Assignment. With the pictures left out, output the records below exactly.
(Supplied entries begins)
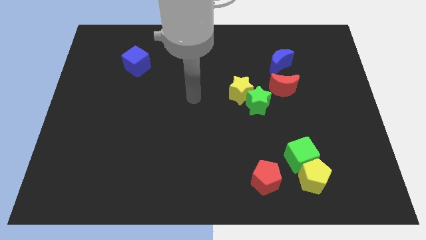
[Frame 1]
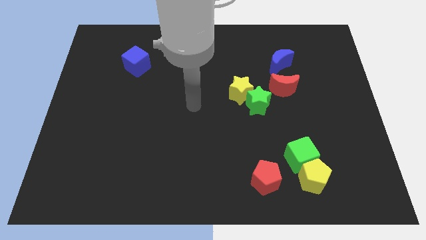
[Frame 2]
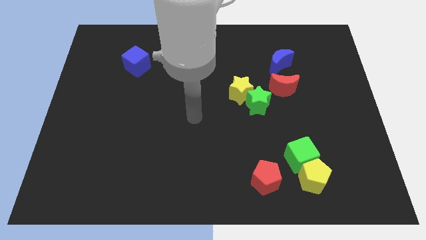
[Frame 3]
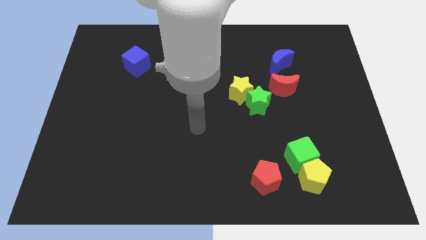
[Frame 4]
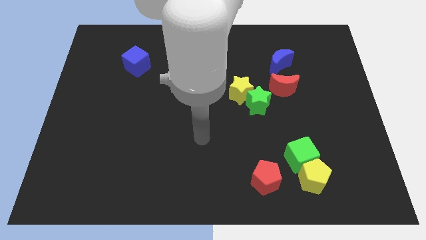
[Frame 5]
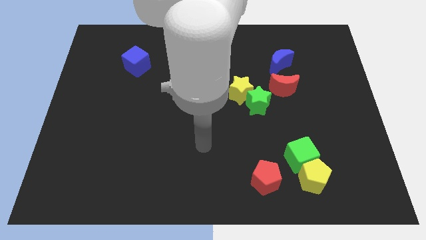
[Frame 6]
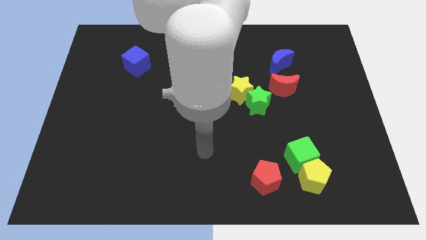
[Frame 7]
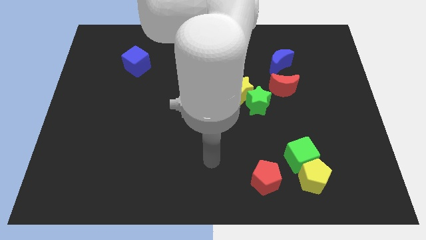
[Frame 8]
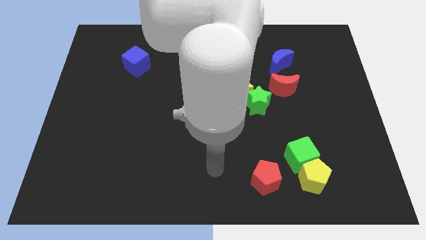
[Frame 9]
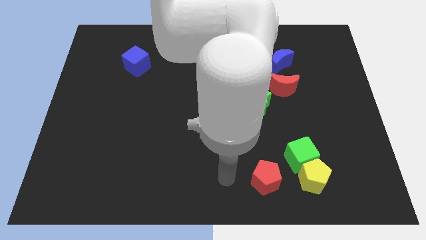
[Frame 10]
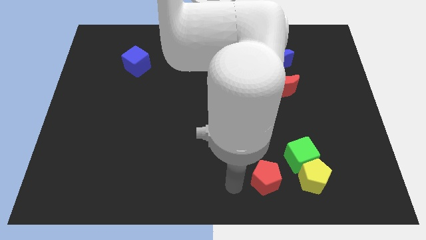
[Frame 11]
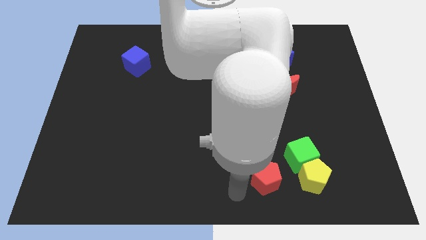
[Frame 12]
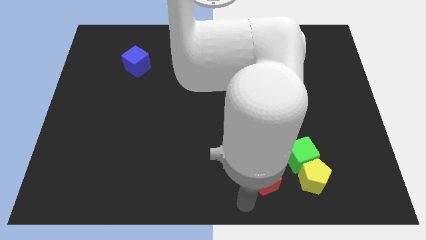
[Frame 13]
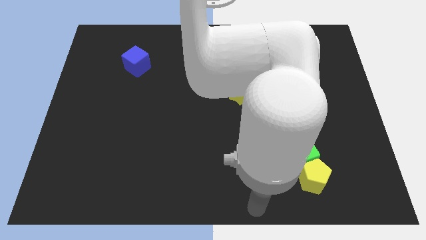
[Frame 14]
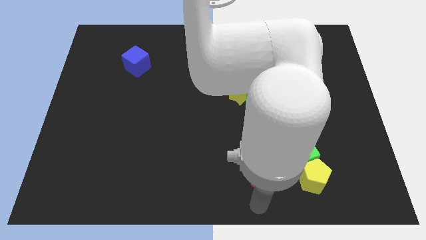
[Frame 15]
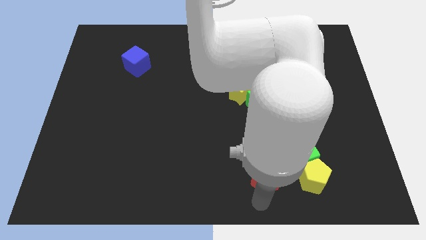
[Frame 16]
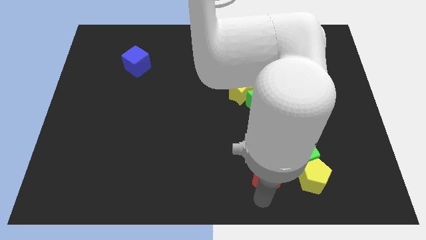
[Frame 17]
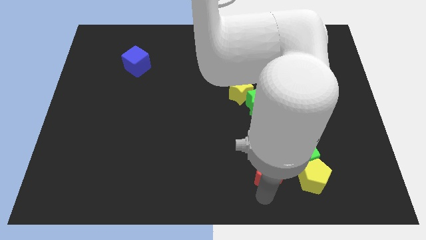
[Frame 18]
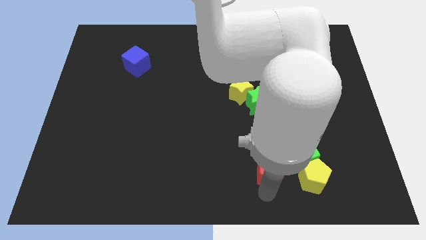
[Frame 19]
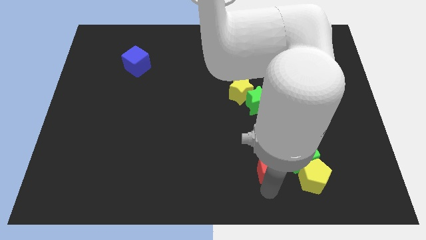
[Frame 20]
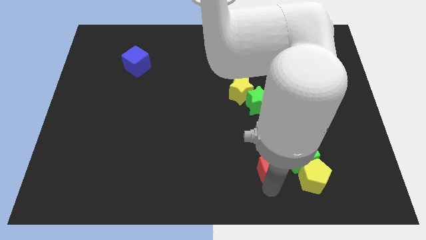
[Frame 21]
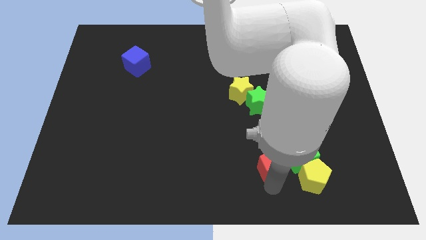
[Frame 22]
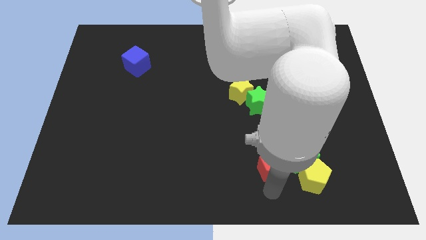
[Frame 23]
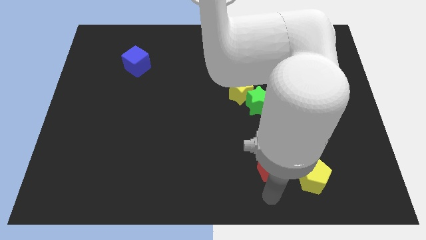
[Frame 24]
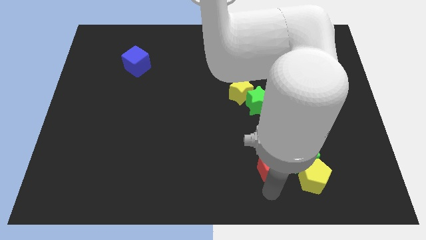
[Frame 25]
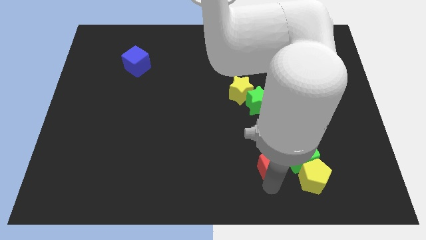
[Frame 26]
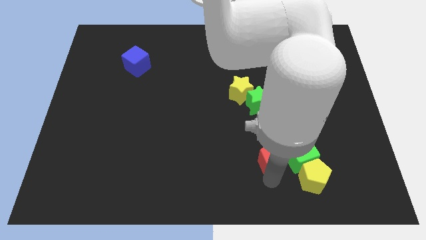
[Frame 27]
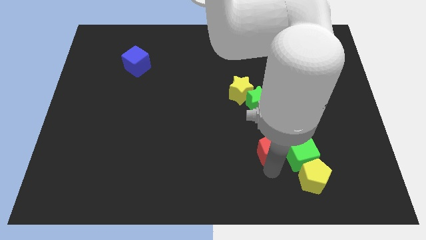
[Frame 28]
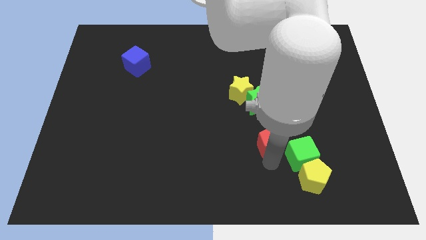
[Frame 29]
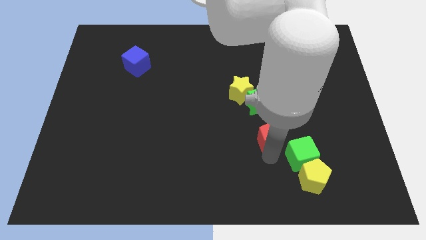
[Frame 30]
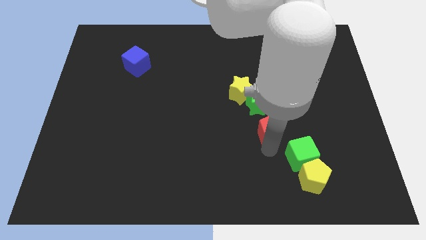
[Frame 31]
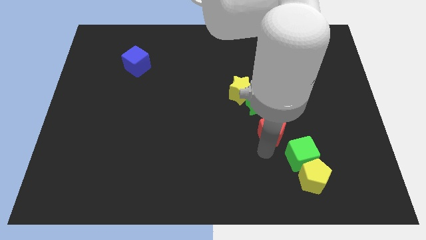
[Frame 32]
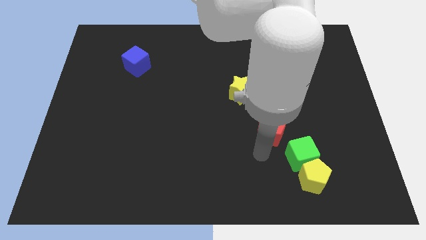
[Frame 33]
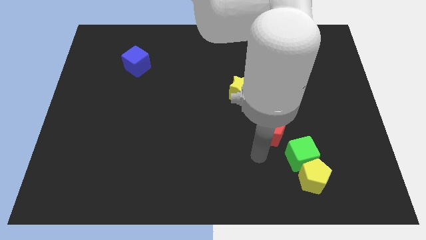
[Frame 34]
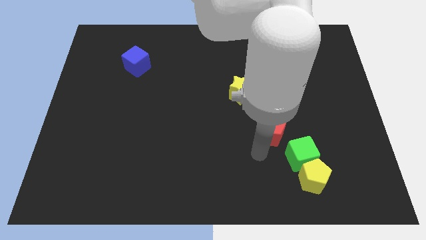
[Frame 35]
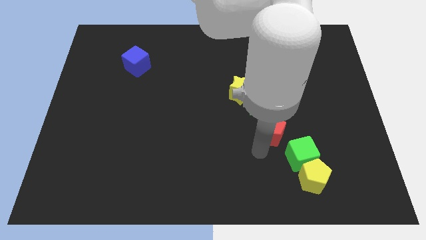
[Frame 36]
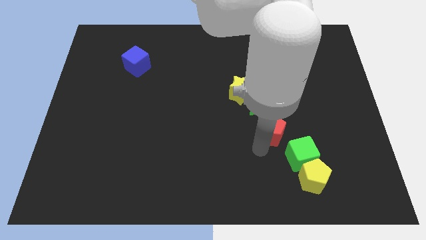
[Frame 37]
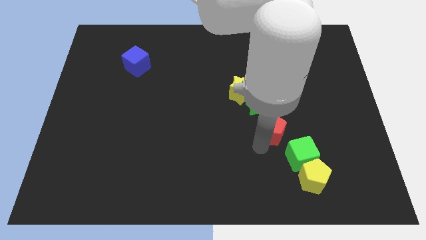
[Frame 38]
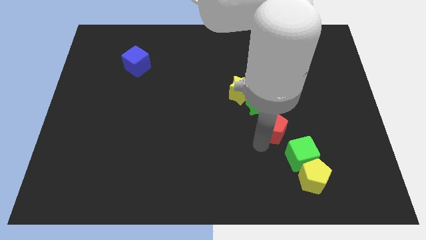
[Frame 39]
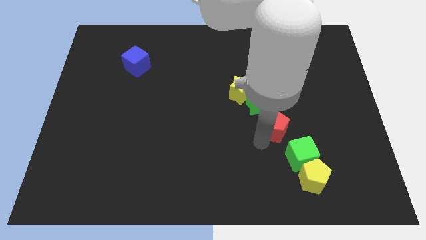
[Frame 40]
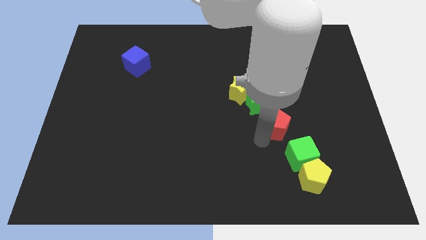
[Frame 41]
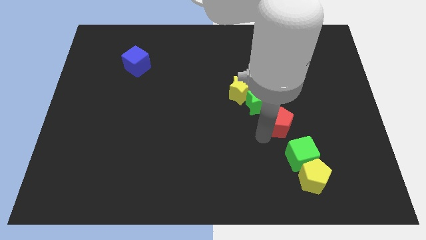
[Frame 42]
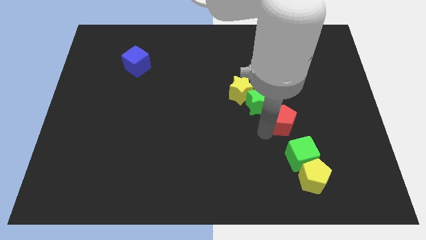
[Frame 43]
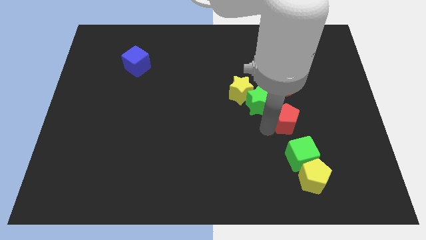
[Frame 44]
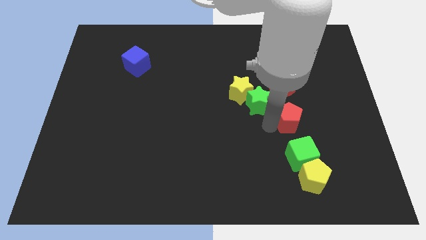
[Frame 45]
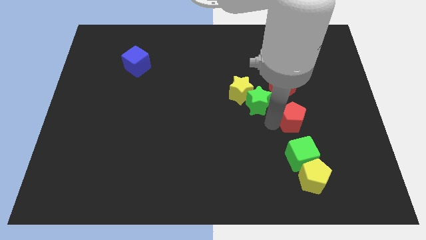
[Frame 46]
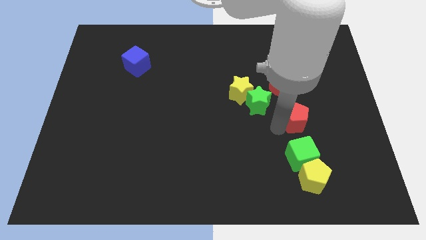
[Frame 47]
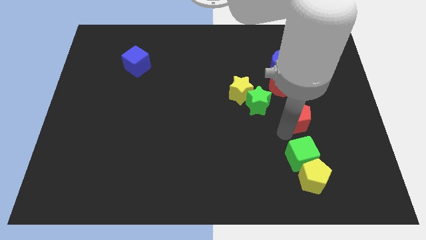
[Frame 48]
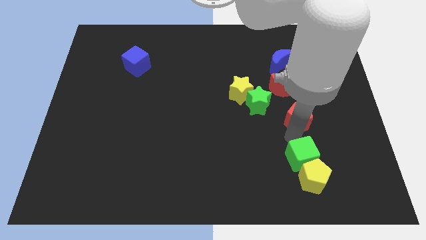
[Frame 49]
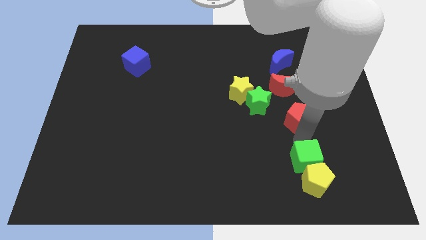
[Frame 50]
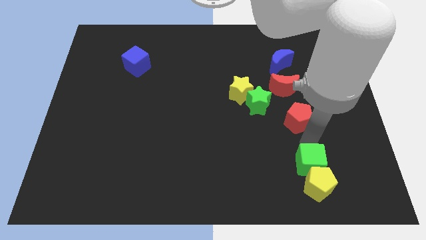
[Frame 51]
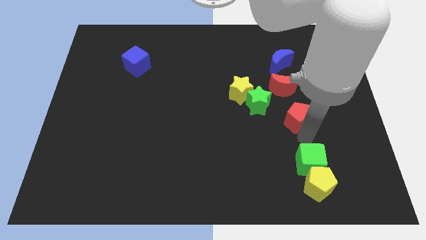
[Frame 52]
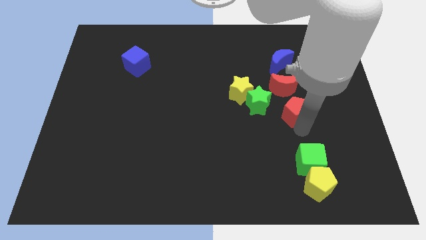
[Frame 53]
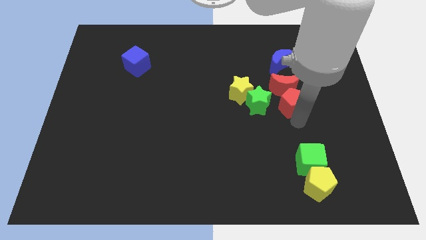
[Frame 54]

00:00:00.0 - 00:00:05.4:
slide the red pentagon close to the red moon
(Supplied entries ends)
Result for this task.
[Frame 1]
[Frame 2]
[Frame 3]
[Frame 4]
[Frame 5]
[Frame 6]
[Frame 7]
[Frame 8]
[Frame 9]
[Frame 10]
[Frame 11]
[Frame 12]
[Frame 13]
[Frame 14]
[Frame 15]
[Frame 16]
[Frame 17]
[Frame 18]
[Frame 19]
[Frame 20]
[Frame 21]
[Frame 22]
[Frame 23]
[Frame 24]
[Frame 25]
[Frame 26]
[Frame 27]
[Frame 28]
[Frame 29]
[Frame 30]
[Frame 31]
[Frame 32]
[Frame 33]
[Frame 34]
[Frame 35]
[Frame 36]
[Frame 37]
[Frame 38]
[Frame 39]
[Frame 40]
[Frame 41]
[Frame 42]
[Frame 43]
[Frame 44]
[Frame 45]
[Frame 46]
[Frame 47]
[Frame 48]
[Frame 49]
[Frame 50]
[Frame 51]
[Frame 52]
[Frame 53]
[Frame 54]

00:00:00.0 - 00:00:05.4:
slide the red pentagon close to the red moon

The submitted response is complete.